The Salvation Army opened a Home for 'waifs' in 1902, on land previously settled by the Pollard family, outside the township of Collie, Western Australia. It was one of three institutions set on 8,093 hectares of land held by the Salvation Army. The other institutions were the Salvation Army Industrial School for Boys, Collie and the Salvation Army Industrial School for Girls, Collie. The establishment of these institutions received wide publicity and glowing accounts were published in the newspapers in the early 1900s.
The exact starting date of the Collie Boys' Home is unclear. The Salvation Army Industrial School for Boys, Collie, commenced in September 1901 and it is possible that boys of all ages were settled together there. In a June 1902 item written by the Superintendent for the Salvation Army magazine, The Victory, there is no mention of two boys' Homes at Collie so it is likely that the Home opened in the latter half of that year. Government reports suggest that Collie may have closed for a period during 1903, but it had re-opened by 1904. The Salvation Army's own documents report on a home for 'small boys' operating in Collie in 1903. Later reports show that older boys were also admitted and it is likely that most of the boys admitted privately through relatives were housed at the Collie Boys' Home rather than the Industrial School.

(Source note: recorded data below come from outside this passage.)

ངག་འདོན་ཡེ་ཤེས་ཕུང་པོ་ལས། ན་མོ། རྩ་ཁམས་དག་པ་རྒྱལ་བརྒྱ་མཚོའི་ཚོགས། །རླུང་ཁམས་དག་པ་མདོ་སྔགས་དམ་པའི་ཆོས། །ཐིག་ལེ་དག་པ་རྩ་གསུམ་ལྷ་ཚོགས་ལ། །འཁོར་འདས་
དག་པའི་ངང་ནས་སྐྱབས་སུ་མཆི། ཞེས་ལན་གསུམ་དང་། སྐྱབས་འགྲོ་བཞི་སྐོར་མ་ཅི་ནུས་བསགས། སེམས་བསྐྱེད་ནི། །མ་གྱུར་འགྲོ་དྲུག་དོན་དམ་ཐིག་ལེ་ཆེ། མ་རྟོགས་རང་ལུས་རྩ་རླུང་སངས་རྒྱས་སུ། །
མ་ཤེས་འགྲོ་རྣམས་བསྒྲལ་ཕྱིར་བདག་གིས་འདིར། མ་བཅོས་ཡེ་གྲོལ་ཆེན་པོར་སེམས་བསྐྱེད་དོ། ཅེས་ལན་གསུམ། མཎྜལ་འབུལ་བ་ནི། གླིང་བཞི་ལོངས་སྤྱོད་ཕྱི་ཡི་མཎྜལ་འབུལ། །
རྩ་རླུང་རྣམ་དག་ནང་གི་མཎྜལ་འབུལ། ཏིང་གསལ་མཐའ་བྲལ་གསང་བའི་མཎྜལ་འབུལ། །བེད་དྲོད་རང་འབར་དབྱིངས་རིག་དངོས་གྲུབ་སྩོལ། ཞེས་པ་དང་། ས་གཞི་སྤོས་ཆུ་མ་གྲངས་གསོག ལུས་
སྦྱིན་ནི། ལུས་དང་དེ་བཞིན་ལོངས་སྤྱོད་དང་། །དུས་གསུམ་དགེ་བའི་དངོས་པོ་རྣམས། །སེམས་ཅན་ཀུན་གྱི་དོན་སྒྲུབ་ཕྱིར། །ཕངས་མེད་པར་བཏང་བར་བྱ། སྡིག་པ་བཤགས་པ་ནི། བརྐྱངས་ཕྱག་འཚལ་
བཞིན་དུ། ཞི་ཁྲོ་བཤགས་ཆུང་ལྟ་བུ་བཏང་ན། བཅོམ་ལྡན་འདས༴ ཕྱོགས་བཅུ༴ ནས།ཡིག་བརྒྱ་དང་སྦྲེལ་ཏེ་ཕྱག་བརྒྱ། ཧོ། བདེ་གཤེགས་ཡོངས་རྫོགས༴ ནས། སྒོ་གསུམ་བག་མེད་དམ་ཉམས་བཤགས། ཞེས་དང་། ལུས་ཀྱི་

The Bunbury Herald ('Sketches in the District') reported in 1903 that 27 boys aged 6 to 15 years lived there. The 'Report by the Superintendent of Public Charities and Inspector of Industrial and Reformatory Schools, 1904' notes that the Collie Boys' Home had re-opened during 1904 on the site at Pollard's Home, three miles distant from the Salvation Army Industrial School for Senior Boys.
In 1908, the three Children's Homes at Collie were vilified in the Sunday Times newspaper, which alleged children suffered overwork, unduly harsh punishment and poor food and living conditions. In the words of the newspaper, the Homes were 'coffinages'.
'General instructions' regarding punishment at the Home were included in the Salvation Army's 'Punishment Book'. Discipline was meant to be 'mild and firm' with corporal punishment a 'last resort', but could be 'inflicted in the presence of a witness' for 'absconding, offences against morality, for gross impertinence, or for wilful and persistent disobedience'. Corporal punishment was not meant to be used for 'trivial breaches of discipline' and boxing children's ears was 'strictly forbidden'. All cases of corporal punishment were to be recorded in the Punishment Book immediately after the child was punished. The date, 'detail of the offence, number of strokes administered, and the name of the witness' were to be recorded. The instructions also gave guidance for 'light punishments' for other offences. These included: taking away a child's privleges and confining the child to a room 'but not in darkness'. It was also allowed to reduce the quantity or quality of food allowed to a child, who could be given 'eight ounces of bread and water' instead of the normal meal, 'but no child must be deprived of two meals in succession'. The punishments were intended to comply with the Regulations of the State Children Act 1907.
In 1913, there were around 60 boys aged from 4 to 15 years in the Home.
In a 2003 memoir, former Governor-General Sir Paul Hasluck recalled boyhood memories as a child of the manager of the Collie Boys' Home from 1913 to 1917: the No. 1 Home (the reformatory) and No. 2 Home (Collie Boys' Home) were 'almost wholly self-contained', with separate schools, stores, bakeries, boot-makers' shops, smithies and dairies. There were few visitors to the Homes, and few trips into the township of Collie. Meat, cereals, fruit and vegetables were produced to be eaten on site and the surplus was sold. Horses were an important part of the workforce, which included around 'a dozen Salvation Army officers, two school teachers, two in the office and seven or eight' others including 'boundary rider, carters, farm hands, etc'.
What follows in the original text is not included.